In a research paper published last year, hydrologist Abdelwanees Ashoor of Libya’s Omar Al-Mukhtar University warned that the Derna region “has a high potential for flood risk”, citing five floods that occurred have been produced there since 1942 and calling for immediate maintenance measures for the dams.

“In the event of a big flood, the consequences will be disastrous for the inhabitants of the valley and the city,” he writes in the Journal of Pure and Applied Sciences of Sebha University.

Some Libyan officials have also not refrained from criticizing the authorities.

The dams suffered extensive damage during a strong storm that hit the region in 1986, and more than a decade later a government-commissioned study found cracks and fissures in their structures, said last week the Attorney General of Libya, al-Sediq al-Sour. .

But the years passed as warnings piled up and restoration efforts failed to get off the ground or were abandoned in the chaos of the civil war.

At a news conference in the stricken city, al-Sour said prosecutors would investigate the collapse of the two dams, as well as the allocation of maintenance funds.

“I reassure citizens that whoever has committed mistakes or negligence, prosecutors will definitely take firm action, initiate criminal proceedings against him and subject him to trial,” he said.
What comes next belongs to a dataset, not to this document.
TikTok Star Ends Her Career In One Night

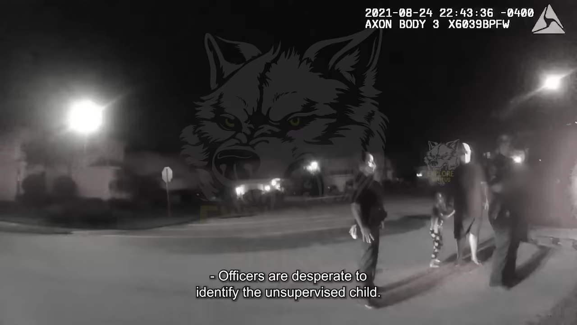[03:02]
Officers are desperate to identify the unsupervised child. Younger woman, like off looking, really dark, black, jet black hair.
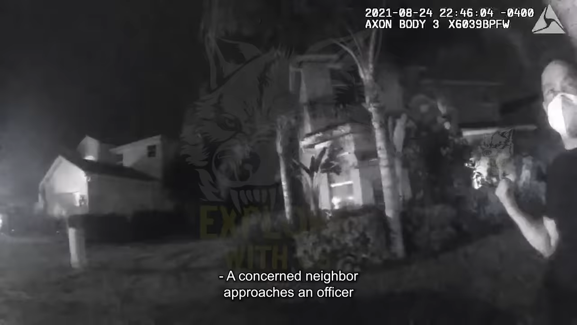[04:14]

Survivors have no doubt about what or who is to blame.

“The main cause of the disaster was the dam south of Derna, which had not received recent maintenance,” said Salem Mansour, 27, who lost his sister in the disaster. Speaking from the hospital in the nearby town of Tobruk, he said he was convinced that more could – and should – have been done to prevent this.

“The responsibility lies with successive corrupt governments in Libya, which have neglected the security of citizens,” he added.